Можно ли не любить Теккерея, умнейшего, милейшего человека, несмотря на то что его слегка подозревают в снобизме? Есть что-то умилительное в ужасе этого славного человека перед снобизмом, которого он отнюдь не чужд и сам. Нет ли в этом некоторого жеманства, невольно порожденного его застенчивостью? Герои и героини Теккерея все до единого люди утонченные — достойная компания для его благородных читателей обоего пола. Слишком часто ливрея для него и есть человек. Даже под накладными икрами Джимса де ля Плюша скрываются человеческие ноги, но Теккерей так и не сумел заглянуть глубже шелковых чулок. Теккерей жил и умер в Клубленде[31]. Кажется, что мир его был ограничен Темпл-Баром с востока и Парк-лейн с запада; но он показал нам все то хорошее, что имелось в Клубленде, и ради тех великих джентльменов и милых леди, которых его добрые глаза отыскали в этом ограниченном районе, не слишком перенаселенном великими джентльменами и милыми леди, давайте будем относиться к нему с уважением.

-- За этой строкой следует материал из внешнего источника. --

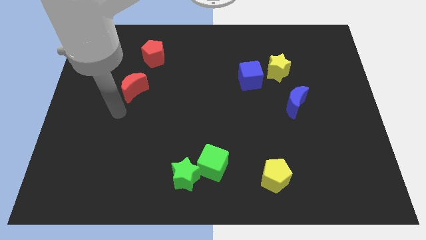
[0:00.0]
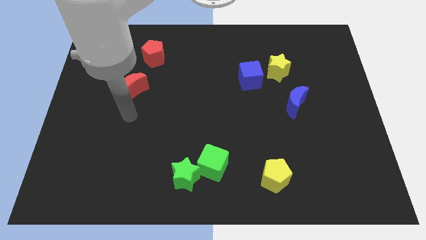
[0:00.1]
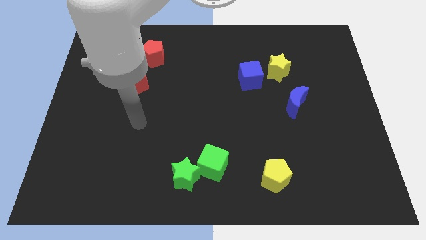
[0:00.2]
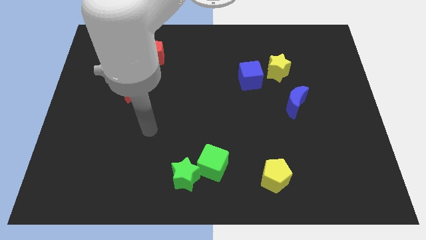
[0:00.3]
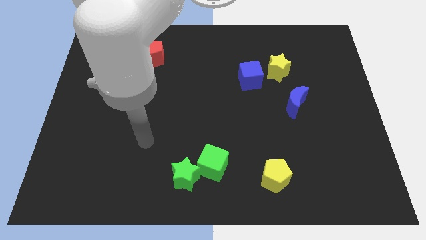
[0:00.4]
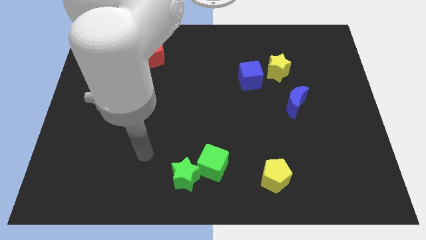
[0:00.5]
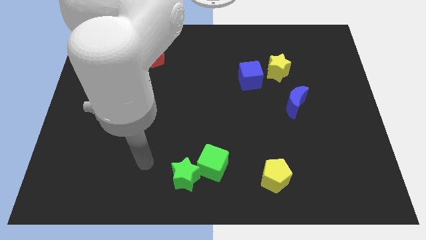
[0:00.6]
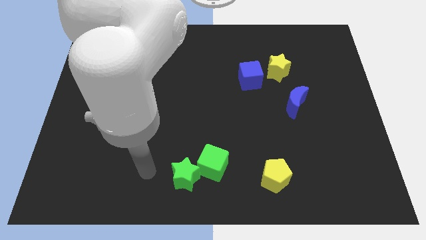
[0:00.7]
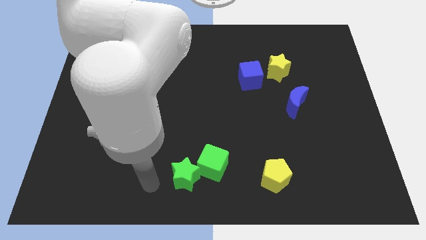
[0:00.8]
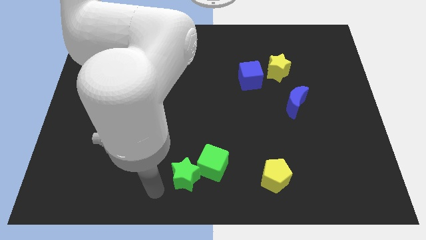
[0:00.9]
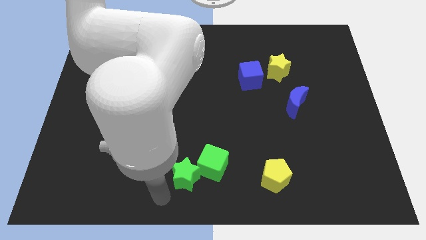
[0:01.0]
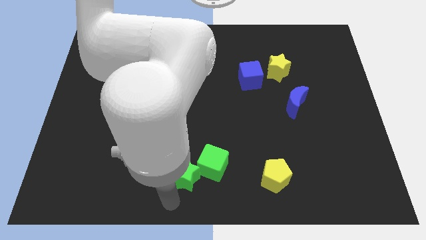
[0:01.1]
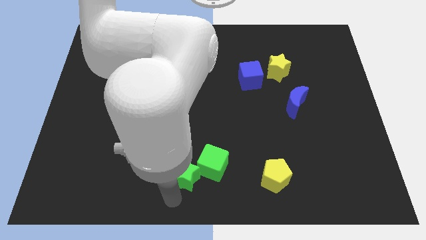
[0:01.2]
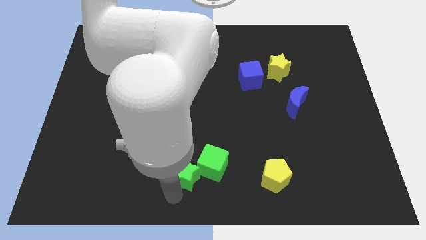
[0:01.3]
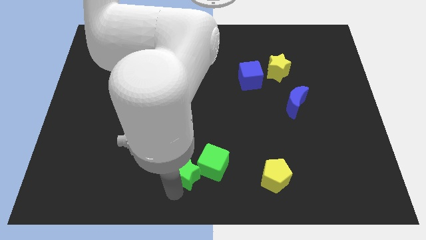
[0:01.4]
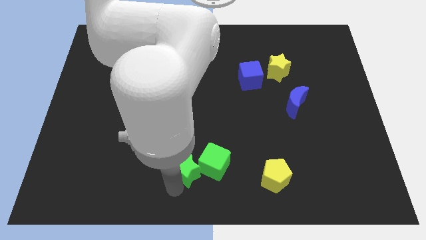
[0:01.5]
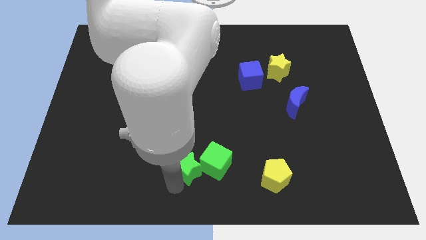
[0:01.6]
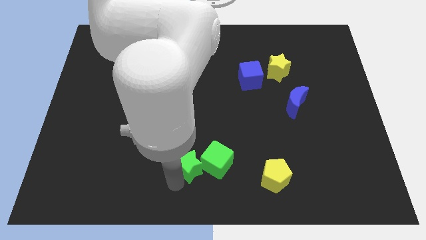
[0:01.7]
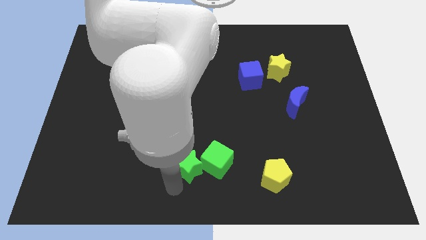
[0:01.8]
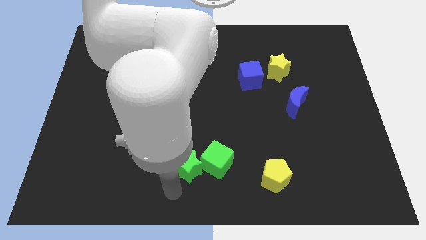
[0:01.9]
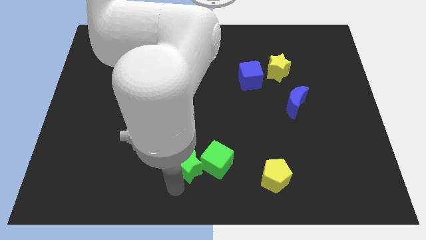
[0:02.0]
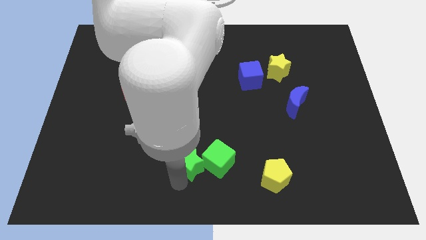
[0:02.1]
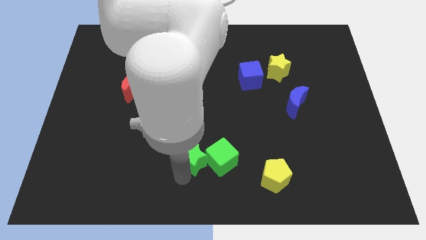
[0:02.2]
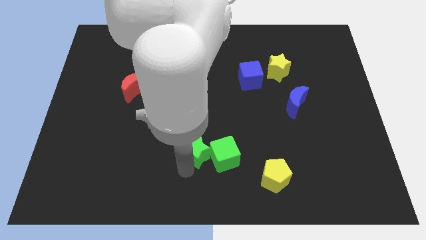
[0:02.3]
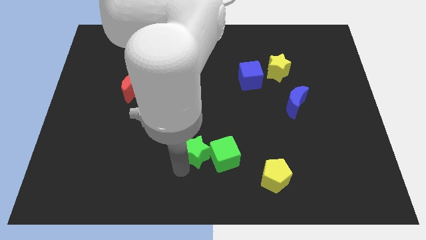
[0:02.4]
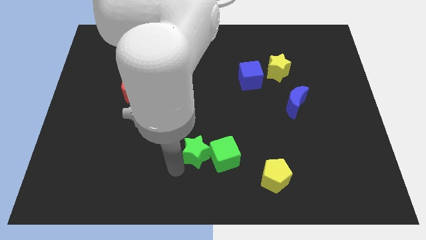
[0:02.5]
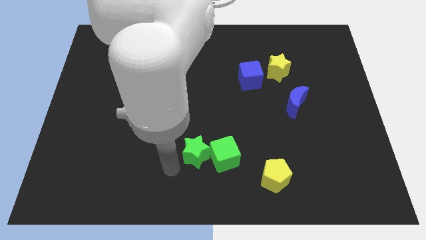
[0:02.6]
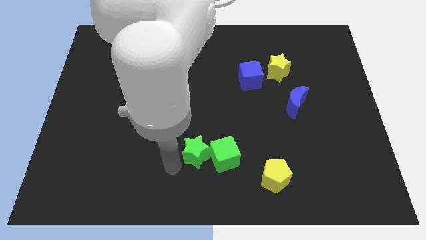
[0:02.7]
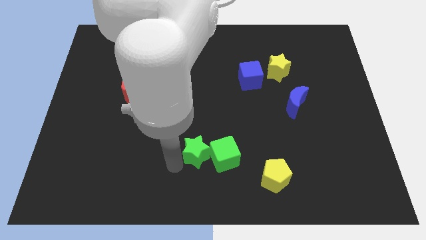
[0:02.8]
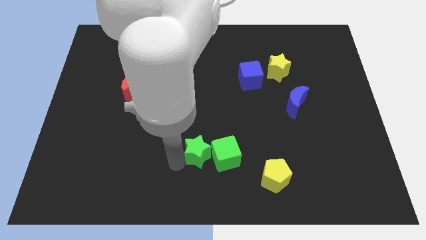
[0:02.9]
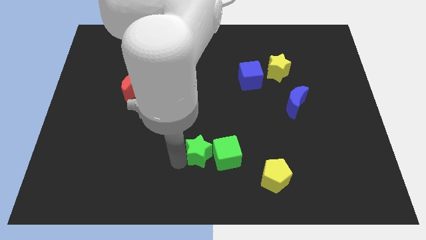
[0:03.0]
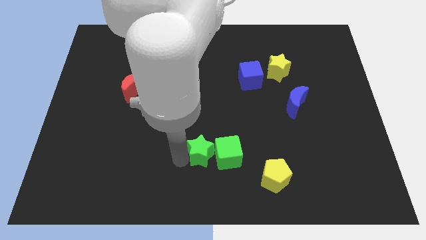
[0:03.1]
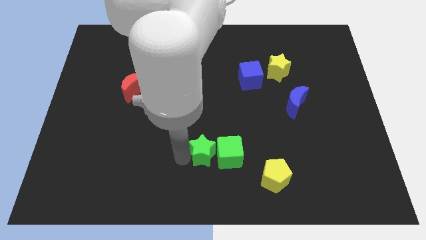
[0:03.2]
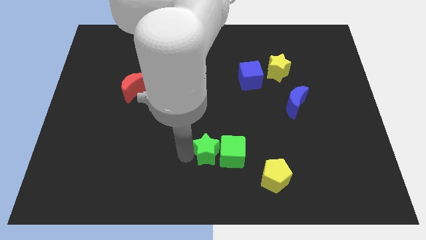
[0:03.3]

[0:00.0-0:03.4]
slide the green star diagonally upwards and to the right a little

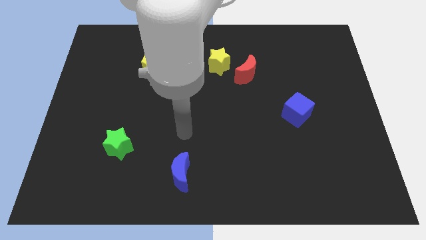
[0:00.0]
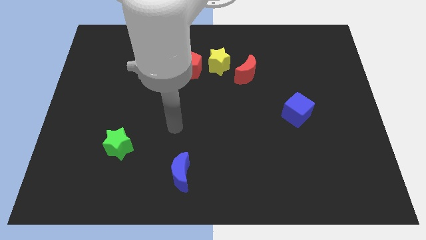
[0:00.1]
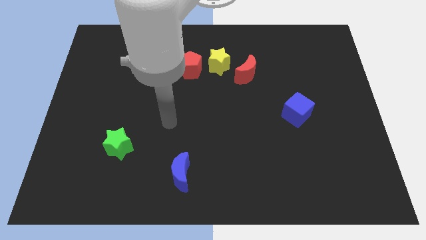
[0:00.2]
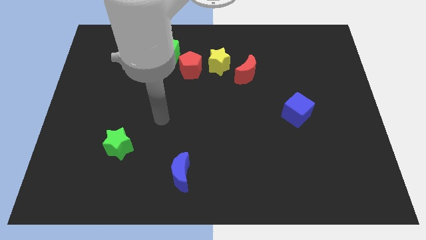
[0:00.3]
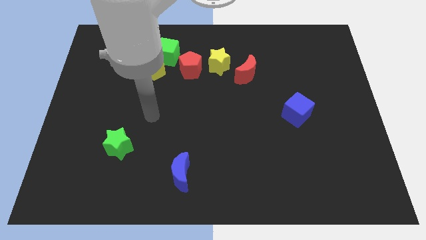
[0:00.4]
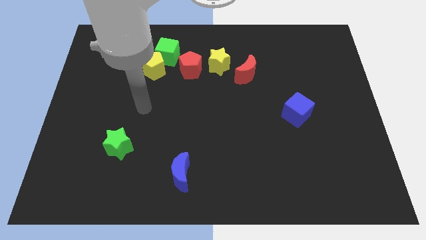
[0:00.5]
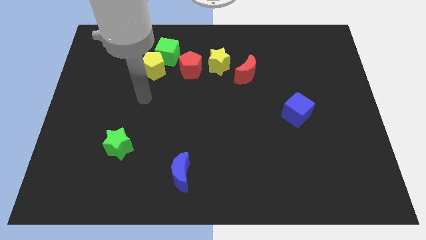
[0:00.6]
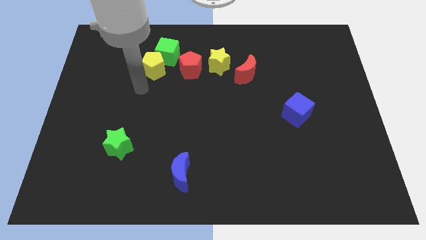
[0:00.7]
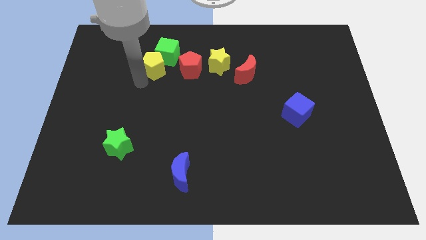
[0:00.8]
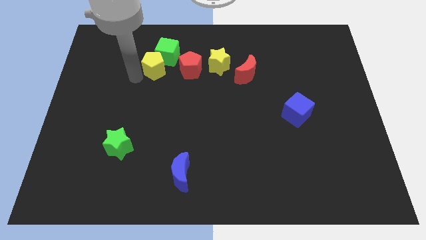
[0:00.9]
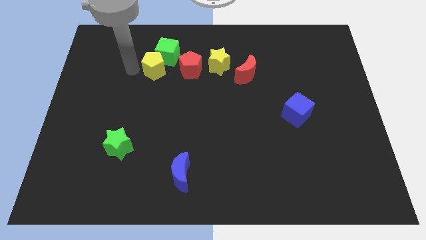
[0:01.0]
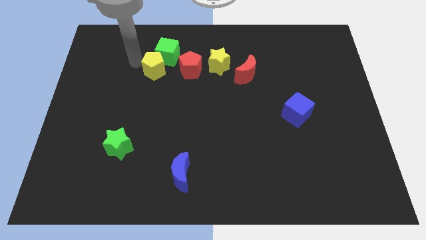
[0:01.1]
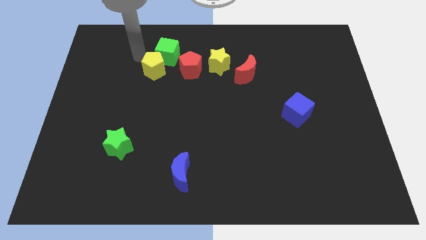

«Том Джонс», «Перигрин Пикль» и «Тристрам Шенди» — книги, которые пойдут человеку на пользу, если читать их с умом. Они учат тому, что литература, если хочет быть жизненной силой, должна охватывать все стороны жизни и что нам мало помогут наши глупые притязания на то, что мы во всем безупречны и ведем безукоризненную жизнь, что только придуманные негодяи из литературных произведений сворачивают с пути добродетели.

вернуться

30

Олив Шрейнер (1855–1920) — английская писательница, выступавшая под псевдонимом Ральф Айрон; в повести «История африканской фермы» она выступает в защиту прав женщин и против религиозного ханжества.

вернуться

31

Клубленд — район лондонского Вест-Энда, где сосредоточено большинство светских и деловых клубов.